E1	AltPSM_Contacts, pitch=0.3 (169MB)	Box #1: 2x Opteron 285, 16GB DDR366, 2x C870	1x 1-GPU_HSS	0/1	1.35	compare with E1a
E1a	"	" (but with 2XC1060)	"	"	0.67	compare with E1 - the C1060 has 2X the processing power as the C870
E2	"	" (but with 2X C870)	1x 2-GPU_HSS	0/2	1.42	as expected no improving when using more cards on a small simulation that fits within one card (compare to E1)
E2a	"	" (but with 2X C1060)	"	"	.65	basically same as E1a
E3	"	" (but with 2X C870)	2x 1-GPU_HSS	0/2	.68	running two simulations at the same time - compare to E1
E3a	"	" (but with 2X C1060)	"	"	.36	" - compare to E1a
E4	Elbow.sim, 3GB, 3D EUV with Fourier Boundary Condition, non-complex	" (but with 2X C870)	2x 1-GPU_HSS	0/2	17.5	Compare with E4a
E4a	"	" (but with 2X C1060)	"	"	8.25	C1060 more than 2X faster than C870 - compare with E4
E5	"	" (but with 2X C870)	1x 2-GPU_HSS	0/2	18.4	Compare with E5a
E5a	"	" (but with 2X C1060)	"	"	14.8	Not so great improvement of C870 is expected because 2nd card is not utilized at all as simulation fits within the first card. In E5, both C870's are running at same time, in here (E5a) only one card is running while the other sits idle.
E6	Elbow.sim, with 6 degree incidence (complex simulation) and pitch=76nm, 10GB, 3D EUV with Fourier Boundary Condition	" (but with 2X C870)	1x 2-GPU_HSS	0/2	92	domain divided into 7 parts - the first 6 parts run in simultaneous pairs, and the 7th part runs on one card while the other remains idle - card utilization is 7/8=87.5% (excluding CPU memory xfer overhead)
E6a	"	" (but with 2X C1060)	"	"	67	domain divided into 3 parts - the first 2 parts run simultaneously, and the 3rd parts runs on one card while the other remains idle - card utilization is 3/4=75% (excluding CPU memory xfer overhead) The reason there is not 2X speedup over E6 is because GPU utilization is lower, and CPU xfer overhead might be large - especially since box has DDR 336 (not even DDR2) and only PCI x16 generation 1 (not generation 2.0).
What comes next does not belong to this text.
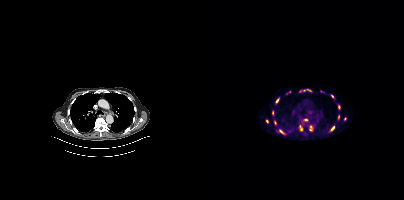
Coordinates are on the 200×200 PET (right) panel. (showing 13 of 15 foci) PSMA-avid tumor lesion bounding boxes (x0, y0)-(x1, y1): (95, 89)-(108, 92); (105, 125)-(108, 131); (75, 129)-(80, 134); (95, 125)-(98, 130); (134, 104)-(136, 109); (72, 99)-(75, 103); (62, 119)-(64, 123); (127, 126)-(130, 130); (68, 111)-(69, 115). Small PSMA-avid foci (2 to 4 px across) near (center x, center y): (101, 120); (71, 122); (128, 96); (86, 91).
modality: PSMA PET/CT | tracer: [18F]PSMA-1007 | view: axial

Probably with PCI Express x16 (gen 2) and DDR2 - 800, improvement will be closer to 2X.

^*Note: "Effective" cycle time is the total cycle time divided by the number of cases running. For example, if you have 5 PSS's running 5 different simulations (of the same size) and each has a cycle time of 10s, then the effective cycle time would be 10s/5=2s. A "cycle" is amount of time TEMPESTpr2 takes to propagate the fields one wavelength.